I’ve since come to understand this haunting as the specter of Black lives mattering: a presence not yet fully formed. There is a palpable vacantness behind the signs that points to how, as a society, we’re not quite sure what it means to say “Black lives matter” given the historical and present contexts of the United States.
The contrasts are stark: The BLM signs in front yards of single-family homes in a heavily segregated town where cops still target Black-bodied people, where there is a noticeable absence of accessible queer-led spaces, and where science is weaponized against people who think differently.

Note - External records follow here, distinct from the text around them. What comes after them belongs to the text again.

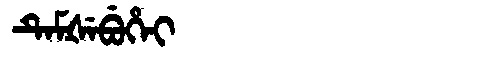
Manchu: ᡨᡝᠮᡧᡝᠪᡠᡥᡝᡳ
Romanization: TEMŠEBUHEI
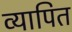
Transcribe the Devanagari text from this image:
व्यापित
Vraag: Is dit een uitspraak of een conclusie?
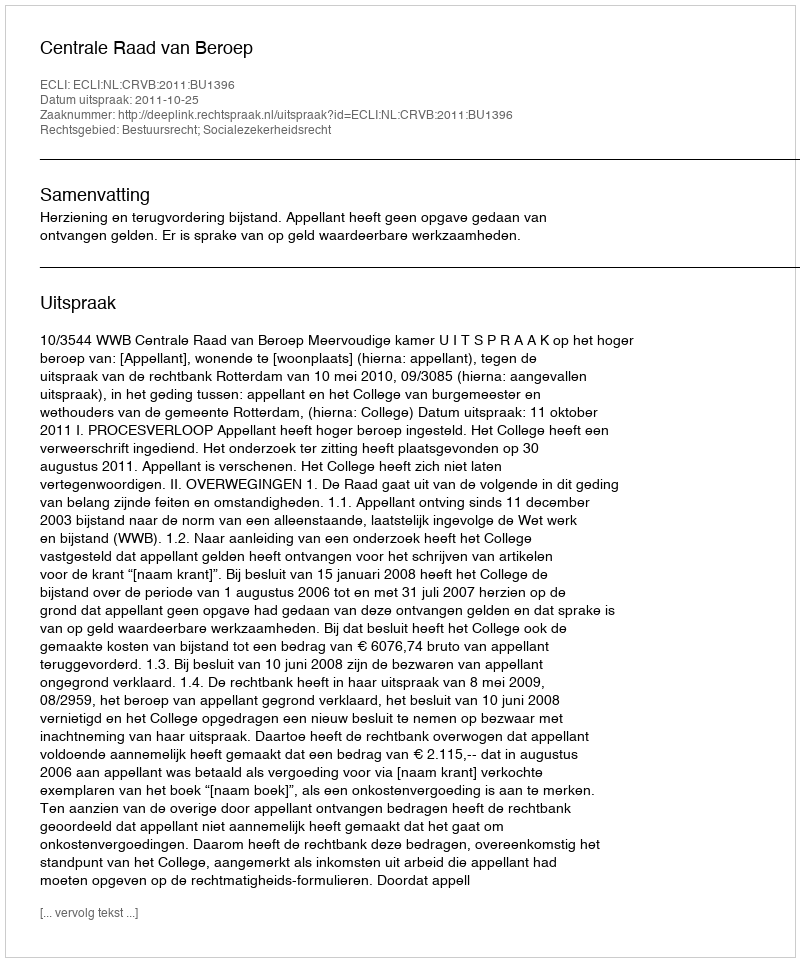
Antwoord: Uitspraak
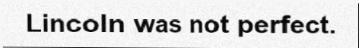
Lincoln was not perfect.
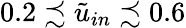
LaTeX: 0.2\precsim\tilde{u}_{in}\precsim 0.6
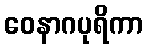
ဝေနာဂပုရိကာ
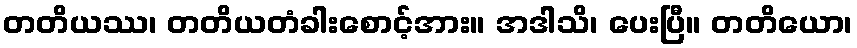
တတိယဿ၊ တတိယတံခါးစောင့်အား။ အဒါသိ၊ ပေးပြီ။ တတိယော၊
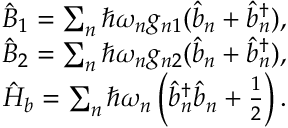
\begin{array} { r l r } & { } & { \hat { B } _ { 1 } = \sum _ { n } \hbar \omega _ { n } g _ { n 1 } ( \hat { b } _ { n } + \hat { b } _ { n } ^ { \dagger } ) , } \\ & { } & { \hat { B } _ { 2 } = \sum _ { n } \hbar \omega _ { n } g _ { n 2 } ( \hat { b } _ { n } + \hat { b } _ { n } ^ { \dagger } ) , } \\ & { } & { \hat { H } _ { b } = \sum _ { n } \hbar \omega _ { n } \left( \hat { b } _ { n } ^ { \dagger } \hat { b } _ { n } + \frac { 1 } { 2 } \right) . } \end{array}
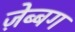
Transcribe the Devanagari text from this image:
ज़ेब्बग
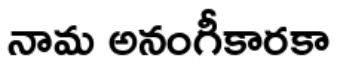
నామ అనంగీకారకా
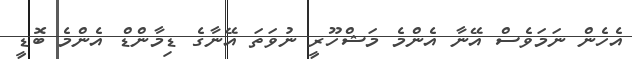
އެހެން ނަމަވެސް އޭނާ އެންމެ މަޝްހޫރީ ނުވަތަ އޭނާގެ ޑިމާންޑް އެންމެ ބޮޑީ
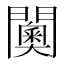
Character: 𮤦
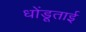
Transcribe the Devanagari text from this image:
धोंडूताई
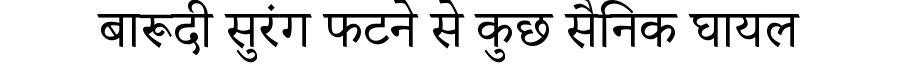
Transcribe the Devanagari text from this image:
बारूदी सुरंग फटने से कुछ सैनिक घायल
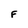
Character: F
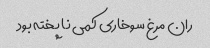
ران مرغ سوخاری کمی نا پخته بود
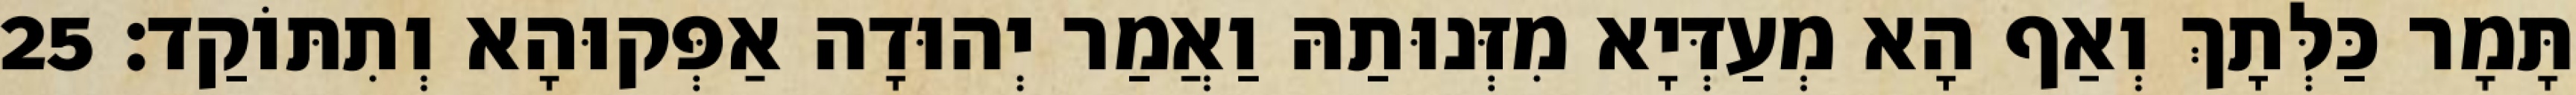
תָּמָר כַּלְּתָךְ וְאַף הָא מְעַדְּיָא מִזְּנוּתַהּ וַאֲמַר יְהוּדָה אַפְּקוּהָא וְתִתּוֹקַד׃ 25
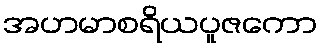
အဟမာစရိယပူဇကော
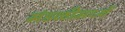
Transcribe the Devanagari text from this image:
मंडळीमध्यें
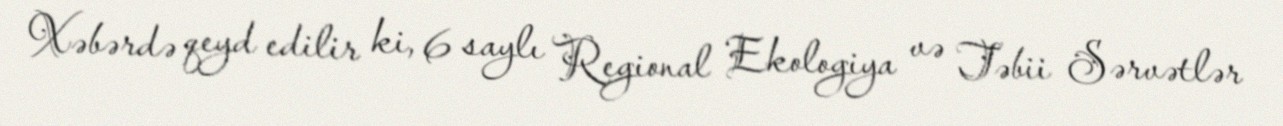
Xəbərdə qeyd edilir ki, 6 saylı Regional Ekologiya və Təbii Sərvətlər
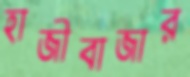
হাজীবাজার
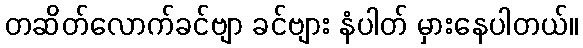
တဆိတ်လောက်ခင်ဗျာ ခင်ဗျား နံပါတ် မှားနေပါတယ်။
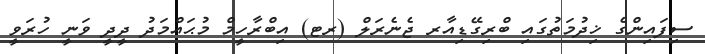
ސިފައިންގެ ޚިދުމަތުގައި ބްރިގޭޑިއާރ ޖެނެރަލް (ރޓ) އިބްރާހީމް މުޙައްމަދު ދީދީ ވަނީ ހުރަވީ
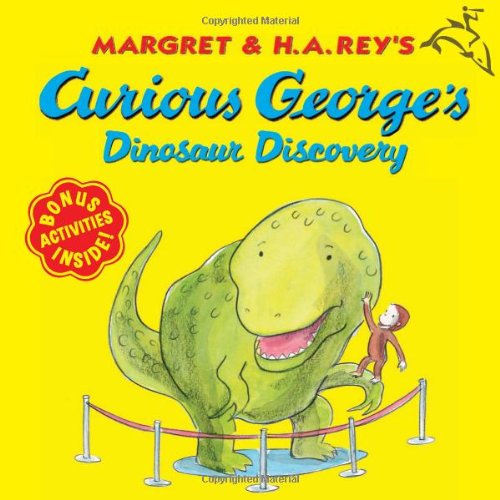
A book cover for Curious George's Dinosaur Discovery; H. A. Rey; Children's Books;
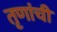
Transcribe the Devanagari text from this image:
तृणांची
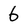
Character: 6
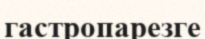
гастропарезге
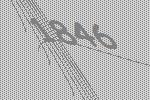
1846
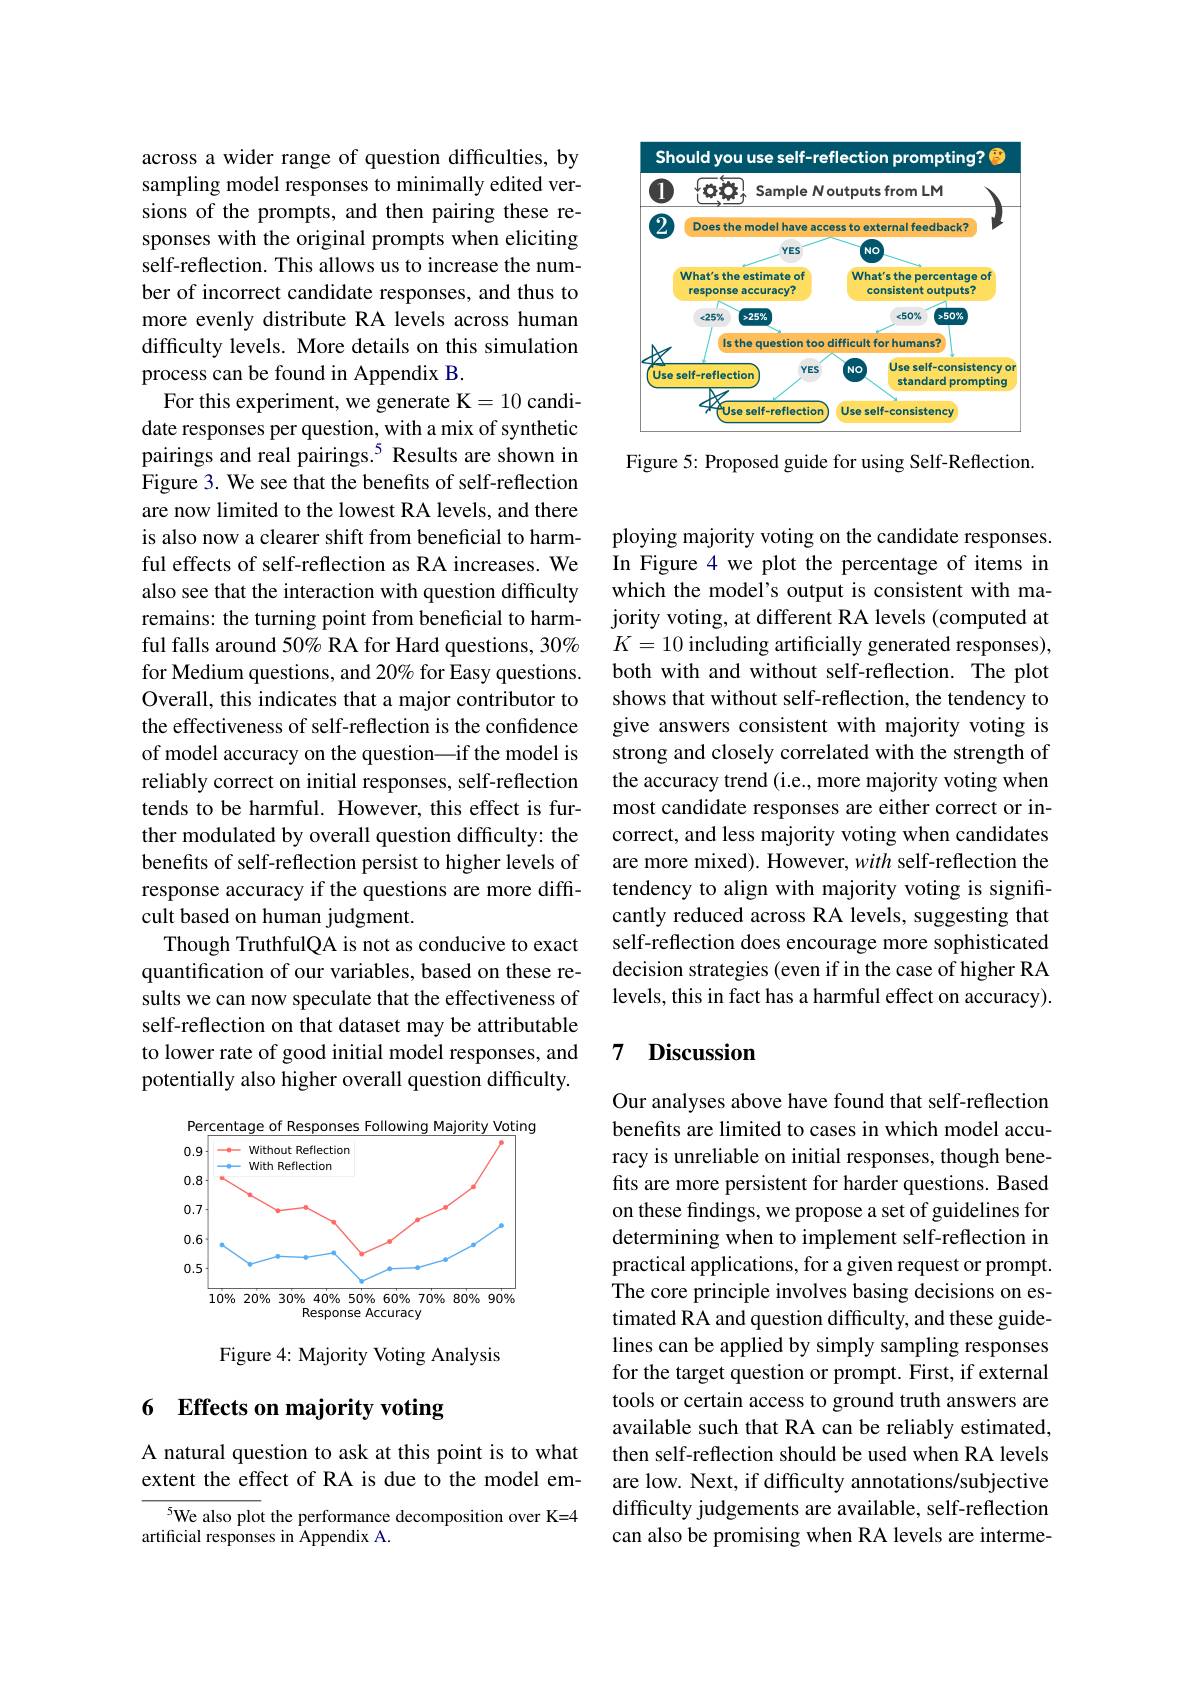
<FigureHere>

Figure 5: Proposed guide for using Self-Reflection.

across a wider range of question difficulties, by sampling model responses to minimally edited versions of the prompts, and then pairing these responses with the original prompts when eliciting self-reflection. This allows us to increase the number of incorrect candidate responses, and thus to more evenly distribute RA levels across human difficulty levels. More details on this simulation process can be found in Appendix B.
For this experiment, we generate K=10 candidate responses per question, with a mix of synthetic pairings and real pairings.$^{5}$ Results are shown in Figure 3. We see that the benefits of self-reflection are now limited to the lowest RA levels, and there is also now a clearer shift from beneficial to harmful effects of self-reflection as RA increases. We also see that the interaction with question difficulty remains: the turning point from beneficial to harmful falls around 50% RA for Hard questions, 30% for Medium questions, and 20% for Easy questions. Overall, this indicates that a major contributor to the effectiveness of self-reflection is the confidence of model accuracy on the question\_if the model is reliably correct on initial responses, self-reflection tends to be harmful. However, this effect is further modulated by overall question difficulty: the benefits of self-reflection persist to higher levels of response accuracy if the questions are more difficult based on human judgment.
Though TruthfulQA is not as conducive to exact quantification of our variables, based on these results we can now speculate that the effectiveness of self-reflection on that dataset may be attributable to lower rate of good initial model responses, and potentially also higher overall question difficulty.

<FigureHere>

Figure 4: Majority Voting Analysis

## 6 Effects on majority voting

A natural question to ask at this point is to what extent the effect of RA is due to the model em-

$^{5}$We also plot the performance decomposition over K=4
artificial responses in Appendix A.

ploying majority voting on the candidate responses. In Figure 4 we plot the percentage of items in which the model's output is consistent with majority voting, at different RA levels (computed at $K=10$ including artificially generated responses), both with and without self-reflection. The plot shows that without self-reflection, the tendency to give answers consistent with majority voting is strong and closely correlated with the strength of the accuracy trend (i.e., more majority voting when most candidate responses are either correct or incorrect, and less majority voting when candidates are more mixed). However, with self-reflection the tendency to align with majority voting is significantly reduced across RA levels, suggesting that self-reflection does encourage more sophisticated decision strategies (even if in the case of higher RA levels, this in fact has a harmful effect on accuracy).

## 7 Discussion

Our analyses above have found that self-reflection benefits are limited to cases in which model accuracy is unreliable on initial responses, though benefits are more persistent for harder questions. Based on these findings, we propose a set of guidelines for determining when to implement self-reflection in practical applications, for a given request or prompt. The core principle involves basing decisions on estimated RA and question difficulty, and these guidelines can be applied by simply sampling responses for the target question or prompt. First, if external tools or certain access to ground truth answers are available such that RA can be reliably estimated, then self-reflection should be used when RA levels are low. Next, if difficulty annotations/subjective difficulty judgements are available, self-reflection can also be promising when RA levels are interme-
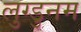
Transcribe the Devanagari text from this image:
लुग्डुनम
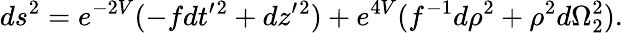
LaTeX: ds^{2}=e^{-2V}(-fdt^{\prime}{}^{2}+dz^{\prime}{}^{2})+e^{4V}(f^{-1}d\rho^{2}+\rho^{2}d\Omega_{2}^{2}).
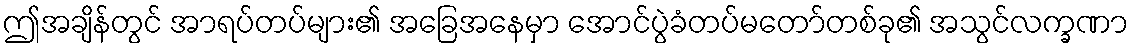
ဤအချိန်တွင် အာရပ်တပ်များ၏ အခြေအနေမှာ အောင်ပွဲခံတပ်မတော်တစ်ခု၏ အသွင်လက္ခဏာ
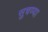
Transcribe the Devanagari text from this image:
सुचण्या
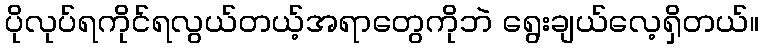
ပိုလုပ်ရကိုင်ရလွယ်တယ့်အရာတွေကိုဘဲ ရွေးချယ်လေ့ရှိတယ်။

And all of this happens on unceded Native land.
The underlying and pervasive conditions of racialized and colonial capitalism haven’t changed, despite the number of yard signs that claim otherwise.
Beyond haunting, the modern definition of specter also includes a sense of dread, a pervasive sentiment in dominant U.S. society. If you find it easier to imagine a bad future than a good one, where “the future” is a zero-sum game, then racial justice surely poses threats to Whiteness and the middle class. In this worldview, where ignoring difficult parts of the past is easier than reckoning with them, reparations mean loss; reconciliation means grief. If you find yourself among those who feel stuck, not knowing what to do, seeing limited possibilities and a lack of leadership, do not turn away from this dread. By doing so, we narrow our chances of healing, for the dread holds within it the very roots of these injustices. Bypassing, sidestepping, or avoiding these fears can only keep us stuck in these old ways.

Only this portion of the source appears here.